Passengers services along the entire route ended on 26 October 1957. The Bobcaygeon station was demolished in 1961. Lindsay station was briefly used as a museum, but was itself demolished in 1964.

==Route==
The LB&P ran almost due north from Burketon Station to a point near Williams Point where it turned north-northeast to round Lake Scugog. It turned north again outside O'Donnell Landing for the short remaining run into Lindsay. It entered the town on the east side of Scugog River, following it as it bent to the west, where it was joined by the Midland's line from Port Hope. The LB&P built a new station on Caroline Street near the corner of Queen St. to provide passenger service.

After running north past the station in Lindsay, the line turned east to leave the town, then northeast towards Bobcaygeon. This area of land is relatively flat, and the line is almost perfectly straight. At Emily Creek, just south of Sturgeon Lake, the line turned northward to run along the southern shore of the lake. A large trestle bridge carried the line across the mouth of the Creek. The line then runs roughly west-northwest for the short remaining distance to Bobcaygeon, crossing the Bobcaygeon River near Minns Avenue, and then ending at William's Street. The swing bridge at Bobcaygeon limited weights to smaller locomotives, including D-4 class 4-6-0.

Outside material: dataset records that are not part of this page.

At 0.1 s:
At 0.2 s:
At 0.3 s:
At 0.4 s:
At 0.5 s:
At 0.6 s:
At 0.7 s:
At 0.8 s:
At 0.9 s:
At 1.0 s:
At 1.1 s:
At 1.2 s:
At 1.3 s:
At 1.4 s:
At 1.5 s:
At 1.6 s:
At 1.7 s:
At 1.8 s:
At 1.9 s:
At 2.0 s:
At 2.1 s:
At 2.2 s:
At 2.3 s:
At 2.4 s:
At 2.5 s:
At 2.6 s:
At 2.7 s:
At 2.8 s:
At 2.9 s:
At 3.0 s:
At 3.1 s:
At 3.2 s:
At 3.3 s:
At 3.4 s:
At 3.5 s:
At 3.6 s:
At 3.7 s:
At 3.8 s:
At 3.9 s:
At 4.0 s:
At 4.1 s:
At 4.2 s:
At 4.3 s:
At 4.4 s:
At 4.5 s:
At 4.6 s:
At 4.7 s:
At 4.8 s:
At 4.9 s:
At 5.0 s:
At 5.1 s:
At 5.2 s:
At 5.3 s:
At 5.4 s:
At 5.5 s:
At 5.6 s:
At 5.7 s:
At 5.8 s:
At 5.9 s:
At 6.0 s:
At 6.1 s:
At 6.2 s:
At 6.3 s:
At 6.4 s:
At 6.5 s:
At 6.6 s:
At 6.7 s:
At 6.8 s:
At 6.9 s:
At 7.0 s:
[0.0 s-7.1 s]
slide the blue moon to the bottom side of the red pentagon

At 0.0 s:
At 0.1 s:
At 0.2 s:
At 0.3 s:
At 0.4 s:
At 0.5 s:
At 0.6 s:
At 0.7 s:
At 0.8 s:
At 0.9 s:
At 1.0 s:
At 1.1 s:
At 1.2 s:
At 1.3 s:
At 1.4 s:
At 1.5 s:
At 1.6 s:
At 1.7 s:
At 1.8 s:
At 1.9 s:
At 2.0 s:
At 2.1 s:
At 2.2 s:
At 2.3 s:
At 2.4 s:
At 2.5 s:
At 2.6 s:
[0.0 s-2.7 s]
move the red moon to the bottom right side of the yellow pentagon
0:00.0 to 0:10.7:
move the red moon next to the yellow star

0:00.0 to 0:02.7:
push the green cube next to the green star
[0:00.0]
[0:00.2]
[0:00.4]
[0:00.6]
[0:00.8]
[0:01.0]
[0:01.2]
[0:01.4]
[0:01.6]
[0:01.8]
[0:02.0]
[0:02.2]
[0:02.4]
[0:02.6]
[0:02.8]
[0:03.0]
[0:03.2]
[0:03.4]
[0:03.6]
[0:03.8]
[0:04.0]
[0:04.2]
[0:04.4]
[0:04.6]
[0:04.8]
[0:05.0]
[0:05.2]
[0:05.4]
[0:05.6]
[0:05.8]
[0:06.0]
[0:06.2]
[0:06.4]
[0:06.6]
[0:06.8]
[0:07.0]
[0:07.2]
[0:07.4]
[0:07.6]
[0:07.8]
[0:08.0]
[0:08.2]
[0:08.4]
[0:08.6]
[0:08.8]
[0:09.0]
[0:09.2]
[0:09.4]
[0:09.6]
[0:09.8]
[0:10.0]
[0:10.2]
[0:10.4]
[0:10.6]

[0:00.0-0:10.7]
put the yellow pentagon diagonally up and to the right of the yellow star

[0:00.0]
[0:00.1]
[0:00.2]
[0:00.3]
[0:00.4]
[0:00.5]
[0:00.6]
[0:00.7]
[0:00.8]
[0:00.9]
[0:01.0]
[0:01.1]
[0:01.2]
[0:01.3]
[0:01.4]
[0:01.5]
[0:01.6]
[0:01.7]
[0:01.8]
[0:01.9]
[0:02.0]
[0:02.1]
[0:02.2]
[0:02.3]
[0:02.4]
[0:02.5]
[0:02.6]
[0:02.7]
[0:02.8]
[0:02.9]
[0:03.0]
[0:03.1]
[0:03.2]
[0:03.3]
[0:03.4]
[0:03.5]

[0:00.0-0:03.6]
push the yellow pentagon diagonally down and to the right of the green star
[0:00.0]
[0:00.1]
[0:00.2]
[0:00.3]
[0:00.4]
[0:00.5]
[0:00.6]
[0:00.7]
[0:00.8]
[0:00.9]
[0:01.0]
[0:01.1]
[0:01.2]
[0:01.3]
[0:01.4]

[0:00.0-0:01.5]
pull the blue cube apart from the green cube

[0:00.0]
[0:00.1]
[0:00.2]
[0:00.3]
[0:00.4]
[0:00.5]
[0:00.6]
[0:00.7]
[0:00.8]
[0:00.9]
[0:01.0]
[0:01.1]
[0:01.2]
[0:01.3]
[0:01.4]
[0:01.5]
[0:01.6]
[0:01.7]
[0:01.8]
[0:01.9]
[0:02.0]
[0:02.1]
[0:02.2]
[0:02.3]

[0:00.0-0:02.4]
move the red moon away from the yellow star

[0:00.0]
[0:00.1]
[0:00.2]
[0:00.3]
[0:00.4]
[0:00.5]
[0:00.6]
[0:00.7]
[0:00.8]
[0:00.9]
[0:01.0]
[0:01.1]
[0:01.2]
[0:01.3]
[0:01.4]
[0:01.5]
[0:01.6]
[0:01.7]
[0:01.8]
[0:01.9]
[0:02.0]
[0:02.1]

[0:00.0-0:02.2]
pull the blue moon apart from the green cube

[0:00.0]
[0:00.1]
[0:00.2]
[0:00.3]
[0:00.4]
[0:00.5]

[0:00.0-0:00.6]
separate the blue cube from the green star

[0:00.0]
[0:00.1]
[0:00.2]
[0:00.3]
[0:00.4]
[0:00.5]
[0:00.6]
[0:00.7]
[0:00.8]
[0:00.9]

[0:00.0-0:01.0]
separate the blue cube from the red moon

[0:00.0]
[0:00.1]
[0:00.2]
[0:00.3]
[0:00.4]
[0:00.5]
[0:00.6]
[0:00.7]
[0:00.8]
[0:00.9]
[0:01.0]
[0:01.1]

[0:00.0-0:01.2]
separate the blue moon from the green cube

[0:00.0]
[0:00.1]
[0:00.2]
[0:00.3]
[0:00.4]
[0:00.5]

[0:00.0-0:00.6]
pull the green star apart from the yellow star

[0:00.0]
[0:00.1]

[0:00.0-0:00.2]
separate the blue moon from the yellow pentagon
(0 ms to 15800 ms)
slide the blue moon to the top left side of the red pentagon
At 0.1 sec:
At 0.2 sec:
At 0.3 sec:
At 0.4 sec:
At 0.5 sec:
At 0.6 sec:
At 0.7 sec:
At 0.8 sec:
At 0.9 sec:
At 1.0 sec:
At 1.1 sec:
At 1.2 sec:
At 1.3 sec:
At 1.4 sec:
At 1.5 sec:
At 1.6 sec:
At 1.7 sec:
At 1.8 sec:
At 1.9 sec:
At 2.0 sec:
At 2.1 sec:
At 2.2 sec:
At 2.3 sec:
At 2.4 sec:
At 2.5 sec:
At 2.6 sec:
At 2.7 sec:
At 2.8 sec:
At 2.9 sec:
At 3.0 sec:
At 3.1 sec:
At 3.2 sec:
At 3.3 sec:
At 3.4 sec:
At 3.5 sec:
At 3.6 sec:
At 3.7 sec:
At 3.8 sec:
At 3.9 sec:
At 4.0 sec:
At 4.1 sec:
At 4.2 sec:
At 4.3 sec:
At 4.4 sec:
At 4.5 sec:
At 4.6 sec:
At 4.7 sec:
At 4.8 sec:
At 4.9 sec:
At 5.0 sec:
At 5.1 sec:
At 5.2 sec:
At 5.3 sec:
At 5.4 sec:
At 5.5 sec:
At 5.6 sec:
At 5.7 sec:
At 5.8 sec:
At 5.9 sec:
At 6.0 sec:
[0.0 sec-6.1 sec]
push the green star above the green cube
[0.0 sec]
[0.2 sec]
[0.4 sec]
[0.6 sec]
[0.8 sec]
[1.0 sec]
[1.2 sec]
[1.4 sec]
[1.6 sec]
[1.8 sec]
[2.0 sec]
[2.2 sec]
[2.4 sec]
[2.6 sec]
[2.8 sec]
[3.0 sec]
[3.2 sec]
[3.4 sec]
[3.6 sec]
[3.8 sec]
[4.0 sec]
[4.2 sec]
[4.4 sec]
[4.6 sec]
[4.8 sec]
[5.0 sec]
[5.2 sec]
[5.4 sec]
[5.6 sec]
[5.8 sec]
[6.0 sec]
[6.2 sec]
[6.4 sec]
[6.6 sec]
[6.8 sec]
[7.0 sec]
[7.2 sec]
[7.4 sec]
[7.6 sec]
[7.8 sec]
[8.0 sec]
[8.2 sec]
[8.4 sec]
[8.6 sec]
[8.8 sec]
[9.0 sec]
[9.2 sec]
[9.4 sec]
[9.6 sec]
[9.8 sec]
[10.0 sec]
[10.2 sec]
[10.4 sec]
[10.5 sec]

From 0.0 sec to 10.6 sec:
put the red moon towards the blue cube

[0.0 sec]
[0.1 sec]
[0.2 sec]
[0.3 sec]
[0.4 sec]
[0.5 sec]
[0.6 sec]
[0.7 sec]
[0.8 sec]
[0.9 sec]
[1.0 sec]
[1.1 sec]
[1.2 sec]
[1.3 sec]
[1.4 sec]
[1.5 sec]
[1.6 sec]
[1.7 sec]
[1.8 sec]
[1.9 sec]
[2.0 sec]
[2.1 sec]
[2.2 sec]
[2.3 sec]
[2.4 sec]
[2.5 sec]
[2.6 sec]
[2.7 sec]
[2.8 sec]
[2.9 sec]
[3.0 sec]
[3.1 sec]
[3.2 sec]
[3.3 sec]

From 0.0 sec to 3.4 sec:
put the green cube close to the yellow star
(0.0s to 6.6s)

Stations on the southern portion of the line were Burketon, Nestleton Station (south of the town of Nestleton) and Janetville near modern View Lake. The LB&P and GB&S met at Lindsay Junction, just south of town, and shared rails north from that point to the Lindsay station, one of CPR's rare "witch's hat" style stations with a round waiting room topped with a conical roof. From Lindsay to Bobcaygeon stations were Dunsford, Ancona and Kenstone and then Bobcaygeon at the corner of Mansfield and Park Streets.